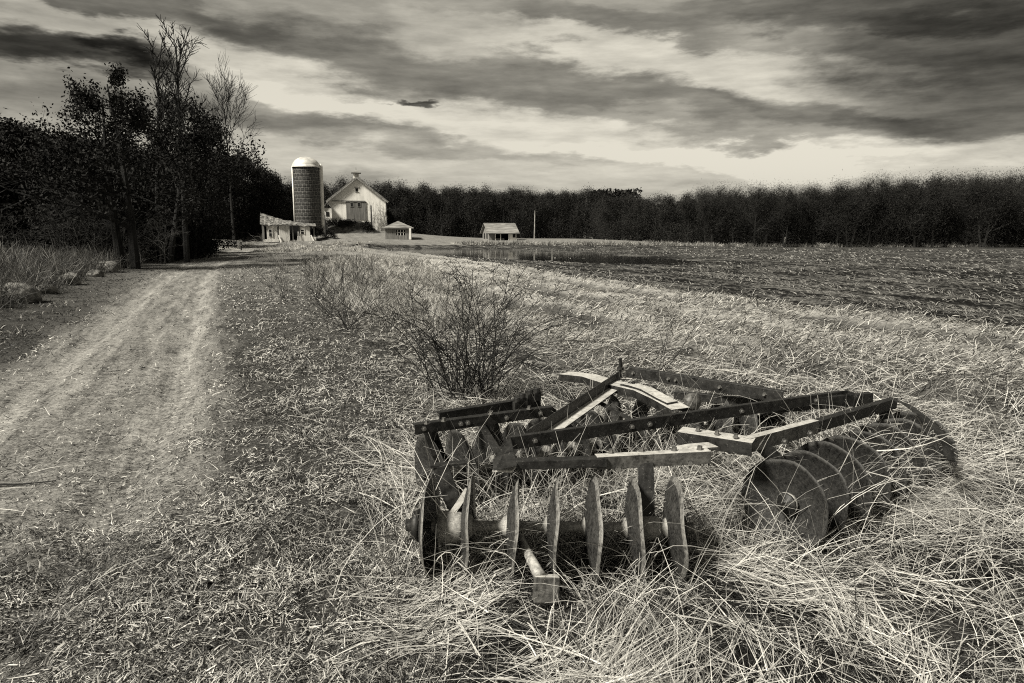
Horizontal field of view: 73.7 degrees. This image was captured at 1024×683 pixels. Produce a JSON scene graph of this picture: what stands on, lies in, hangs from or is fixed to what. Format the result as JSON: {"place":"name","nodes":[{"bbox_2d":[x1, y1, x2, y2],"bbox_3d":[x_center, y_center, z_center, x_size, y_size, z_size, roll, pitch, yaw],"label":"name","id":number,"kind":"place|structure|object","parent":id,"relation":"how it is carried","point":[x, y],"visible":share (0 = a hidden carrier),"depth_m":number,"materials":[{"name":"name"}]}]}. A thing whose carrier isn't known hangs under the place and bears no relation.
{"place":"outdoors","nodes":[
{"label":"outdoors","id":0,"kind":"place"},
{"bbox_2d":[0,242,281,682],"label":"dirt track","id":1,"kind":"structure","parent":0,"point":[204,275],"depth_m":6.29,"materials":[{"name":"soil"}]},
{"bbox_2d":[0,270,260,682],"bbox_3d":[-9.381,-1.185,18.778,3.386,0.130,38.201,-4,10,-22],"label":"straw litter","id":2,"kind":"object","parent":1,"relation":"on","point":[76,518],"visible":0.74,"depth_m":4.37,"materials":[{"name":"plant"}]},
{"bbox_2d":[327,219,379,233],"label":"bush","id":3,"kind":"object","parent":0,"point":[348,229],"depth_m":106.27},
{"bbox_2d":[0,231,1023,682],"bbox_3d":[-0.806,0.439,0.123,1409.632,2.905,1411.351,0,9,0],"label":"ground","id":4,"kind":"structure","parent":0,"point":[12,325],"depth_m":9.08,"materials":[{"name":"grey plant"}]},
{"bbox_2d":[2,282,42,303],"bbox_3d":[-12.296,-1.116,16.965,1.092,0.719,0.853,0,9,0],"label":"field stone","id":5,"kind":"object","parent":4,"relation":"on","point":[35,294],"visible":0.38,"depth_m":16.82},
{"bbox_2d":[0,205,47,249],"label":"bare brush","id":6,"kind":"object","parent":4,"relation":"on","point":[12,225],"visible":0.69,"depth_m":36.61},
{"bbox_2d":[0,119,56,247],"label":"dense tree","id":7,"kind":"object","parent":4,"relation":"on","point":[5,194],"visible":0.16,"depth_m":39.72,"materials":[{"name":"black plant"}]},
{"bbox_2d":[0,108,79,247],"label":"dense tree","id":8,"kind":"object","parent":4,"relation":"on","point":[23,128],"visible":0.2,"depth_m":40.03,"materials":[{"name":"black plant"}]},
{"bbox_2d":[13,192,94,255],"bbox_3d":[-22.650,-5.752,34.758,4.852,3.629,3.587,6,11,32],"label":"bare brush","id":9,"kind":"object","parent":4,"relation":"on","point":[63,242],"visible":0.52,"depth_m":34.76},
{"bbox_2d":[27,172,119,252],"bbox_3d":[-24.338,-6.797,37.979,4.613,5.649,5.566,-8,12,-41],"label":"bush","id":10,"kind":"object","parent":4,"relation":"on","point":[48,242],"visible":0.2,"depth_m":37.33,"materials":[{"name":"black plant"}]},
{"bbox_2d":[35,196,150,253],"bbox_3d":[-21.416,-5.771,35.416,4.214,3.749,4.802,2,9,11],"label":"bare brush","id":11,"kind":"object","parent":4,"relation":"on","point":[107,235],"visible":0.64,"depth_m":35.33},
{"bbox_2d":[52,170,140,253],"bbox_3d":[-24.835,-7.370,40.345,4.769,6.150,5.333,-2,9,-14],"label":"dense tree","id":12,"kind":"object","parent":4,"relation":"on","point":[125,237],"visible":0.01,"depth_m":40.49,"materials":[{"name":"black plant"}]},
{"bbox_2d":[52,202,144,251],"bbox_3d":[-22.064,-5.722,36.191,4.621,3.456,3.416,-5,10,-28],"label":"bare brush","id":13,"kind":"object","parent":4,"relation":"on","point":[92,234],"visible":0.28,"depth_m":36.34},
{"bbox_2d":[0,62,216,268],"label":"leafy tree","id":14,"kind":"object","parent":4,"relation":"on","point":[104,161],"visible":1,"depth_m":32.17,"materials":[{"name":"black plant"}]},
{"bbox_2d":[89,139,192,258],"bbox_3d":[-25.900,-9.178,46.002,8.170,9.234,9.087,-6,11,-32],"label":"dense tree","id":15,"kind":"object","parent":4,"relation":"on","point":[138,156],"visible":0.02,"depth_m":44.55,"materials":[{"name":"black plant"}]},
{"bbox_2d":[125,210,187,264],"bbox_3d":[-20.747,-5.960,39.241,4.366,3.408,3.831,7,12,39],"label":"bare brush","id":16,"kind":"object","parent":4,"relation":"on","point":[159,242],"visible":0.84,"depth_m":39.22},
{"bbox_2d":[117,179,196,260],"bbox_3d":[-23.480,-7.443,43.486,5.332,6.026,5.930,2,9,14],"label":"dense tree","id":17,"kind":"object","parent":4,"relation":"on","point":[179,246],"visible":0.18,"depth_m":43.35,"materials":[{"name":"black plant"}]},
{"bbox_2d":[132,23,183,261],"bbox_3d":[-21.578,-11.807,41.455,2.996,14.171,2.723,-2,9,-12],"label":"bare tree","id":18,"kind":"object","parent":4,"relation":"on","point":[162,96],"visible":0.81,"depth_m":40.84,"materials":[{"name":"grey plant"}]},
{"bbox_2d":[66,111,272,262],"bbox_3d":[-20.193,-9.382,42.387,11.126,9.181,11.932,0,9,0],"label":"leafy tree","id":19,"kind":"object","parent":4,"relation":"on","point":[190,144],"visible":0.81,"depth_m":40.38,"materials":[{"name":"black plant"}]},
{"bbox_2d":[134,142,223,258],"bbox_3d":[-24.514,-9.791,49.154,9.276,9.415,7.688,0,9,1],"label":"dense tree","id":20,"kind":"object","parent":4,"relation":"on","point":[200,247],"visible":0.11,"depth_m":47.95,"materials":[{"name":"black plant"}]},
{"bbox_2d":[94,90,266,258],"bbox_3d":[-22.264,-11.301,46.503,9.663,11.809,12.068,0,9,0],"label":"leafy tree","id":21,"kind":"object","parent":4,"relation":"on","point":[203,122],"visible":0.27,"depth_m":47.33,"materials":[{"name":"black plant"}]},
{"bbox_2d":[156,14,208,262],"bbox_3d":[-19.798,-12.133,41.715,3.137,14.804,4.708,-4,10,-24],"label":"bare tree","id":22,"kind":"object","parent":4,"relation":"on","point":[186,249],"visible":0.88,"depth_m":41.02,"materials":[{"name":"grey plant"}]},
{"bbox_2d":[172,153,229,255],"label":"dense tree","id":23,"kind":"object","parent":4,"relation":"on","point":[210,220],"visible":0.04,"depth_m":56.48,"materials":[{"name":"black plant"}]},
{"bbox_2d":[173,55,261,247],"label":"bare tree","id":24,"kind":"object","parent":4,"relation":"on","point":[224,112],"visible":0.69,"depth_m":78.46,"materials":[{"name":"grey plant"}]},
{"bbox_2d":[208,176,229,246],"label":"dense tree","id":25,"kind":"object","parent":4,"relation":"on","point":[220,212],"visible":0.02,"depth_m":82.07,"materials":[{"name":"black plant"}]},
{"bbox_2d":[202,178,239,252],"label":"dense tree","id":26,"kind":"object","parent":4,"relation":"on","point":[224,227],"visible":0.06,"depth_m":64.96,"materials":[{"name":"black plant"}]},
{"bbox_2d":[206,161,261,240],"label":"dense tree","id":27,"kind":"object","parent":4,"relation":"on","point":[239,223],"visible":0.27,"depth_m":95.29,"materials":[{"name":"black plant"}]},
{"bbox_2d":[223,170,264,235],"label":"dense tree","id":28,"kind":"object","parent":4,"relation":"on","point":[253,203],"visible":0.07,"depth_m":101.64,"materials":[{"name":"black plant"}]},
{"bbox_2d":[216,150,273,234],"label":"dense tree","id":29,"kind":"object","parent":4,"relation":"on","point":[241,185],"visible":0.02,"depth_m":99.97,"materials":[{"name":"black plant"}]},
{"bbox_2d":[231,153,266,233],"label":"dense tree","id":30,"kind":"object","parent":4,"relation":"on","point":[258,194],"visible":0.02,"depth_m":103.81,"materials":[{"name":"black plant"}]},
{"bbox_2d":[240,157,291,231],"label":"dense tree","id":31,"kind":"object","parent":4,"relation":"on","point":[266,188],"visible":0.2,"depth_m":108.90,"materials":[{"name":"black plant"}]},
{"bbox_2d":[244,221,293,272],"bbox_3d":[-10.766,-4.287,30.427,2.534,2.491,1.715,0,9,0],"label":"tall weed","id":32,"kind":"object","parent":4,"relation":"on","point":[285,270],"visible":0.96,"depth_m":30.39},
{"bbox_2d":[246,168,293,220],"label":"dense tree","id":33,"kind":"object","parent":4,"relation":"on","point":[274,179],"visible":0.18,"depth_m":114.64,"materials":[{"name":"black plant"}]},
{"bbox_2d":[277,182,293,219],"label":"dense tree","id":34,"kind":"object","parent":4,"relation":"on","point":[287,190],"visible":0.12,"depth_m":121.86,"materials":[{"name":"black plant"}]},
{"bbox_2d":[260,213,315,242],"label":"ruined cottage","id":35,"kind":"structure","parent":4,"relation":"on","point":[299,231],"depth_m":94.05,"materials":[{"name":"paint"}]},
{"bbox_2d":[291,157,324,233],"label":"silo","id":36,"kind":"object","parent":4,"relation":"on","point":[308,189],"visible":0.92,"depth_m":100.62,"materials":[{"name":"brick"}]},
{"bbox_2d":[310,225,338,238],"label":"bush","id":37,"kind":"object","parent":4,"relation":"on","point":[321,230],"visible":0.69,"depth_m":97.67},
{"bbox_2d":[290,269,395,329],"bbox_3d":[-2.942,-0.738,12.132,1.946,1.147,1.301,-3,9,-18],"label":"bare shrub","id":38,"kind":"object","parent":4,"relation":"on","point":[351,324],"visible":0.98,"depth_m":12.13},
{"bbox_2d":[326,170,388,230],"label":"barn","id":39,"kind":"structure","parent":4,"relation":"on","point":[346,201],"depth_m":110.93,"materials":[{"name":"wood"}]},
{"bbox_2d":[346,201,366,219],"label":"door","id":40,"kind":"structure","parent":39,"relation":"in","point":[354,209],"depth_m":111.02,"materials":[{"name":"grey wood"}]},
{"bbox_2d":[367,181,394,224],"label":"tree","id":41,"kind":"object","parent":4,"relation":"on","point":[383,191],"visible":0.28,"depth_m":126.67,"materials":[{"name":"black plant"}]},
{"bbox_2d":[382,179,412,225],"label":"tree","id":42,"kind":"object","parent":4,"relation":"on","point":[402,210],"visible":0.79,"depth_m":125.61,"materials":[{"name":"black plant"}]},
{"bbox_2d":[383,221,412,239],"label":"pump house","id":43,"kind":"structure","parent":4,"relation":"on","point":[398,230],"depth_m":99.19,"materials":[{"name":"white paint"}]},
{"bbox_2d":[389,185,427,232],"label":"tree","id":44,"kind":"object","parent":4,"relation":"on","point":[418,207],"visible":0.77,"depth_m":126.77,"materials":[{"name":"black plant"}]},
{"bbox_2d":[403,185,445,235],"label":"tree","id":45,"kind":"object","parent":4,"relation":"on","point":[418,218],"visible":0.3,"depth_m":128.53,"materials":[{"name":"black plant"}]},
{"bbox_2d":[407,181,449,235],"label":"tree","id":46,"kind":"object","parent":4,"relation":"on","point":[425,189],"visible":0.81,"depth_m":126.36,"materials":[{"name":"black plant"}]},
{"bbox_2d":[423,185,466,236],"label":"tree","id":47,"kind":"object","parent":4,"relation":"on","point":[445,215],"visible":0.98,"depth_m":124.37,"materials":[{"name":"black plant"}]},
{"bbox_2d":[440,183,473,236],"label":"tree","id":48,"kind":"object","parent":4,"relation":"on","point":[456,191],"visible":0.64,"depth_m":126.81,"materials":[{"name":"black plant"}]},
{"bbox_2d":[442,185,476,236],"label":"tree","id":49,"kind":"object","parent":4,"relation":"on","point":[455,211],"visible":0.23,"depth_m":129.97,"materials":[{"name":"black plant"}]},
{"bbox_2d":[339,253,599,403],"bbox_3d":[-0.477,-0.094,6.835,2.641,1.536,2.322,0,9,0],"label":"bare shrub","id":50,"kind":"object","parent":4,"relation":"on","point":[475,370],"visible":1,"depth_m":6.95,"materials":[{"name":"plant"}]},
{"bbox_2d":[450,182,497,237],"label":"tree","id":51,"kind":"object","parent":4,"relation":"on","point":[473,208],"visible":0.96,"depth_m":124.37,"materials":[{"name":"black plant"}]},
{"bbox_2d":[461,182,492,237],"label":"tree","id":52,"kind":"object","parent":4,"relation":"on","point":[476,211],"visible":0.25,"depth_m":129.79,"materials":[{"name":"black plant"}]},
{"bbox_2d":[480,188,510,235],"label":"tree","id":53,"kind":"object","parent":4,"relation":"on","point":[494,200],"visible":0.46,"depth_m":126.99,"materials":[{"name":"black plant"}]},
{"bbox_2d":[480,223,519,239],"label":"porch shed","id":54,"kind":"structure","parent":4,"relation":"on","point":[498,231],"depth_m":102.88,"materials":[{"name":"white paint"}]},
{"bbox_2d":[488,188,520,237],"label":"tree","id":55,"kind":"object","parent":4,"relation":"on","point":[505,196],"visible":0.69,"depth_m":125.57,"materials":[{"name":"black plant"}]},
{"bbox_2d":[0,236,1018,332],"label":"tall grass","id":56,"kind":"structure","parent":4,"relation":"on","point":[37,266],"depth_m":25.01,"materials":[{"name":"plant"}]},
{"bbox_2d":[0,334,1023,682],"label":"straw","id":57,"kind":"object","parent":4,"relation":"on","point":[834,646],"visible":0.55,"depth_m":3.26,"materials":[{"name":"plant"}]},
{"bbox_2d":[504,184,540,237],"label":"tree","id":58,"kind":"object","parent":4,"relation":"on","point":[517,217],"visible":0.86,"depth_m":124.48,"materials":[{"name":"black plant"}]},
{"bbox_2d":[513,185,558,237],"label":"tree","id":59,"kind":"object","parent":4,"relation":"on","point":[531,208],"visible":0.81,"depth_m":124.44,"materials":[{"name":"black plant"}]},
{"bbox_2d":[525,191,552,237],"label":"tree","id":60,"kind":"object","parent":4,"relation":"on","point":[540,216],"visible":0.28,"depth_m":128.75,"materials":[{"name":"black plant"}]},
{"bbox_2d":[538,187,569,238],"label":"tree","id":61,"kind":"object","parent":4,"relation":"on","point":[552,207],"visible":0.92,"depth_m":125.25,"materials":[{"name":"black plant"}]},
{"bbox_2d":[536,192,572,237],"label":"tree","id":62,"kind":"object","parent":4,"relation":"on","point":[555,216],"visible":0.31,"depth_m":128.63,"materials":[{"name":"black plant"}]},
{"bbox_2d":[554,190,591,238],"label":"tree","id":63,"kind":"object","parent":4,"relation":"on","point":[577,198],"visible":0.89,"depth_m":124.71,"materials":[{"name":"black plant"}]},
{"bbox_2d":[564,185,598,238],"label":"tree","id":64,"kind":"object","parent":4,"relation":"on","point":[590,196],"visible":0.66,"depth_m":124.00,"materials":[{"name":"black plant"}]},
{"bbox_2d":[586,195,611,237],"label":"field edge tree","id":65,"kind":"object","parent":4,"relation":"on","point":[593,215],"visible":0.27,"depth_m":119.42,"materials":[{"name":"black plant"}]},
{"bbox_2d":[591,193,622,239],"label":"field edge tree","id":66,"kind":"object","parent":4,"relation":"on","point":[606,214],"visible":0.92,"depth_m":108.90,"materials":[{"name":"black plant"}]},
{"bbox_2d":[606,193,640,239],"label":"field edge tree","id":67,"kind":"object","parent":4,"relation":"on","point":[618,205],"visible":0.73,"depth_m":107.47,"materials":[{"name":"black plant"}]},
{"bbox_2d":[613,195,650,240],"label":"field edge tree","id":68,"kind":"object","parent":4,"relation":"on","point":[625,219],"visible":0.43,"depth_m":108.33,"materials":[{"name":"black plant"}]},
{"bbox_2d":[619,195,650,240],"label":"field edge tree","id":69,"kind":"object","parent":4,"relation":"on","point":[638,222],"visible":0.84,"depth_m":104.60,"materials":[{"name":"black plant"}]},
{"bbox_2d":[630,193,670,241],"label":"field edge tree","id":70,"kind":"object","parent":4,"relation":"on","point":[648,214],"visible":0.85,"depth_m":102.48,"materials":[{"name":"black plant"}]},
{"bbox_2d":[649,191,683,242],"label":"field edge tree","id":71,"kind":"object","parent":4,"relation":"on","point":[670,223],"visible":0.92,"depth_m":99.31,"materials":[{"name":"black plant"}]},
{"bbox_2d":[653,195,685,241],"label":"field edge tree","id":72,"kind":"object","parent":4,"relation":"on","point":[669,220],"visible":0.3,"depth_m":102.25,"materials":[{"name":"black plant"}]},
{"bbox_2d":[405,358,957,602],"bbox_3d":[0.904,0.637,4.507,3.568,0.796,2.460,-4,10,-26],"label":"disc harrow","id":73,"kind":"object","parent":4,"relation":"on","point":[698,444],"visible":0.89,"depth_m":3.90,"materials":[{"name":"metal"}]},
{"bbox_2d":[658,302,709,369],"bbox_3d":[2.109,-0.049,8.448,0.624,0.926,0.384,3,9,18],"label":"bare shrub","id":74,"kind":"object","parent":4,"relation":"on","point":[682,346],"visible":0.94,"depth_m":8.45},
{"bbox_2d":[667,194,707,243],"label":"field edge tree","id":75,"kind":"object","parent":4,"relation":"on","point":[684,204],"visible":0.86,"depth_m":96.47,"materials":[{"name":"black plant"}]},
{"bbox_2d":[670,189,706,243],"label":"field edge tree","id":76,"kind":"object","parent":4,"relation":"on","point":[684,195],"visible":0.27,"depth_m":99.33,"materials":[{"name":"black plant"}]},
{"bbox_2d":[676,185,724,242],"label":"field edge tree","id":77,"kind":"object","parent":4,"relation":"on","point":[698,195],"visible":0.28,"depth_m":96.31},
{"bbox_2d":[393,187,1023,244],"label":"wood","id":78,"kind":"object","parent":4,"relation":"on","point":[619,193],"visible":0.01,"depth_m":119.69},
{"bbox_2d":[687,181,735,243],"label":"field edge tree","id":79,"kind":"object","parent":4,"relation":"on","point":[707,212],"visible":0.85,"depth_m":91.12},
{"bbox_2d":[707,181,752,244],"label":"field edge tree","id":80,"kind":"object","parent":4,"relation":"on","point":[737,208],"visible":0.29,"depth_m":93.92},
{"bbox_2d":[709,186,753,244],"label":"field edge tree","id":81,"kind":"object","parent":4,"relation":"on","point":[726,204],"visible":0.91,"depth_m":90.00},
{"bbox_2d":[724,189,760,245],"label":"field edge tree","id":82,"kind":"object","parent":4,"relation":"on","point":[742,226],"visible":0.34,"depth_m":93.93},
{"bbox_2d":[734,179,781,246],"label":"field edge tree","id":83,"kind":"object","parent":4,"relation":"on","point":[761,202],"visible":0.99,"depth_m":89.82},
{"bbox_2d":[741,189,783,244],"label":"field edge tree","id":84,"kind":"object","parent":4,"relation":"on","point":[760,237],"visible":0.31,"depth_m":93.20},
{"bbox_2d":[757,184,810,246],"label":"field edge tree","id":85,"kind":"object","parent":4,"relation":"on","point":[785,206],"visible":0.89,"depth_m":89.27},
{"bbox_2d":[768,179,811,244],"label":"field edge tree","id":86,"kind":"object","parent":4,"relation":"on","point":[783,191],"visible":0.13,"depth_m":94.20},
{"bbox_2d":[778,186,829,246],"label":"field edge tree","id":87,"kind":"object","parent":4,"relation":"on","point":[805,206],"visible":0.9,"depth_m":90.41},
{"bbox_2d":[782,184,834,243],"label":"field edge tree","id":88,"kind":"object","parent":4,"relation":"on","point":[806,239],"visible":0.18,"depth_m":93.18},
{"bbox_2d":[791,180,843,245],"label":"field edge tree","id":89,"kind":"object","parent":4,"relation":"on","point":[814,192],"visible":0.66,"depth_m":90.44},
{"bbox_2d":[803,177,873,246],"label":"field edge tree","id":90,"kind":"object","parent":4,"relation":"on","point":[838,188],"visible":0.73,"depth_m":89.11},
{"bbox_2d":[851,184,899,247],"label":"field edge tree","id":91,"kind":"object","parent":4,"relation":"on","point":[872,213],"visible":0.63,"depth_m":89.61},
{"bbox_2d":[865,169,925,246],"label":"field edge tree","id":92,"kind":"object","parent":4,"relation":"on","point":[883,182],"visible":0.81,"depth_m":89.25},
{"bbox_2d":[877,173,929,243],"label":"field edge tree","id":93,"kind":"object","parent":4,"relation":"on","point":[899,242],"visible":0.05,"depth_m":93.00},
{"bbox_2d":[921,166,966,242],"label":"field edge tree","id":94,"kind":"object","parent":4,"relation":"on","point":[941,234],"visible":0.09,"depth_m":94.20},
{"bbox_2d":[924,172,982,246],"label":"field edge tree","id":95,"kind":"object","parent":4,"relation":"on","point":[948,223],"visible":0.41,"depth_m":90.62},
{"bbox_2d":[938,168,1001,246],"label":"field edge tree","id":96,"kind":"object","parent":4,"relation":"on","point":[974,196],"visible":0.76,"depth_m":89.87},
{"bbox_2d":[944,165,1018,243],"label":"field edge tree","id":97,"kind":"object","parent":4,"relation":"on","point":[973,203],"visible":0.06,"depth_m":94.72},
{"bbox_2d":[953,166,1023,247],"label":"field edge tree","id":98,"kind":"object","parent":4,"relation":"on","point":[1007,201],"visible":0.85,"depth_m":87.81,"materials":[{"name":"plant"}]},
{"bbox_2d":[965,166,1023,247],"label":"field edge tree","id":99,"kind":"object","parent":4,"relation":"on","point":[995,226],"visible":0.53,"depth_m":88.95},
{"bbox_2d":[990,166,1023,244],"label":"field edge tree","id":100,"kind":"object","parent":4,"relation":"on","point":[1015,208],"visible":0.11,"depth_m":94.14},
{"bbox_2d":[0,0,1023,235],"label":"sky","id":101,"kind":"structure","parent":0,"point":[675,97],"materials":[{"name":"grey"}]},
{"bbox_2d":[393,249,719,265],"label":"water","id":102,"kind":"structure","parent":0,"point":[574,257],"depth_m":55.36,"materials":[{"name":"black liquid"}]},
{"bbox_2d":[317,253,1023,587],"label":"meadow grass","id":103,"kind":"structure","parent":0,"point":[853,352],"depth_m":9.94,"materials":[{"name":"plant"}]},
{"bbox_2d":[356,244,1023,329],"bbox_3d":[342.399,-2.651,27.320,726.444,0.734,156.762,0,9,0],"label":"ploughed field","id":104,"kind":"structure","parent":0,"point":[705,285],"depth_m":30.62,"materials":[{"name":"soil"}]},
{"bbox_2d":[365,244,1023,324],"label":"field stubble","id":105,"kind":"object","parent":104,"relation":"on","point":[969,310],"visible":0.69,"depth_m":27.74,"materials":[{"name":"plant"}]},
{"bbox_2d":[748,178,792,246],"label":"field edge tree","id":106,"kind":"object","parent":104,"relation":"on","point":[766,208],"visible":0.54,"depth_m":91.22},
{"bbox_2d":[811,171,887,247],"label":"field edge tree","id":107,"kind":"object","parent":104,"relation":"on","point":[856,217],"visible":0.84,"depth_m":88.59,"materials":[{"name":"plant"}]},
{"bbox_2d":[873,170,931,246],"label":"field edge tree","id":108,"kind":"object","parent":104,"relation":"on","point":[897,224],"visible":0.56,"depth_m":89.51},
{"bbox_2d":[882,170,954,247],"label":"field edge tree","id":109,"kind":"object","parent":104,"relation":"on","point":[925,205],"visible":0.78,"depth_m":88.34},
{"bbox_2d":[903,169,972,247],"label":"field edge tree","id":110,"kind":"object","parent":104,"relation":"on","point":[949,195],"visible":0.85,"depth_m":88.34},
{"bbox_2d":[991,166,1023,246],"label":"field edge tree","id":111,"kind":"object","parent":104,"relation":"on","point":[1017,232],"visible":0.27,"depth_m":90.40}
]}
+++
Gather each line of the listing containing the word "bush" and show it.

= Solution for this exercise =
{"bbox_2d":[327,219,379,233],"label":"bush","id":3,"kind":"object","parent":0,"point":[348,229],"depth_m":106.27},
{"bbox_2d":[27,172,119,252],"bbox_3d":[-24.338,-6.797,37.979,4.613,5.649,5.566,-8,12,-41],"label":"bush","id":10,"kind":"object","parent":4,"relation":"on","point":[48,242],"visible":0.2,"depth_m":37.33,"materials":[{"name":"black plant"}]},
{"bbox_2d":[310,225,338,238],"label":"bush","id":37,"kind":"object","parent":4,"relation":"on","point":[321,230],"visible":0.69,"depth_m":97.67},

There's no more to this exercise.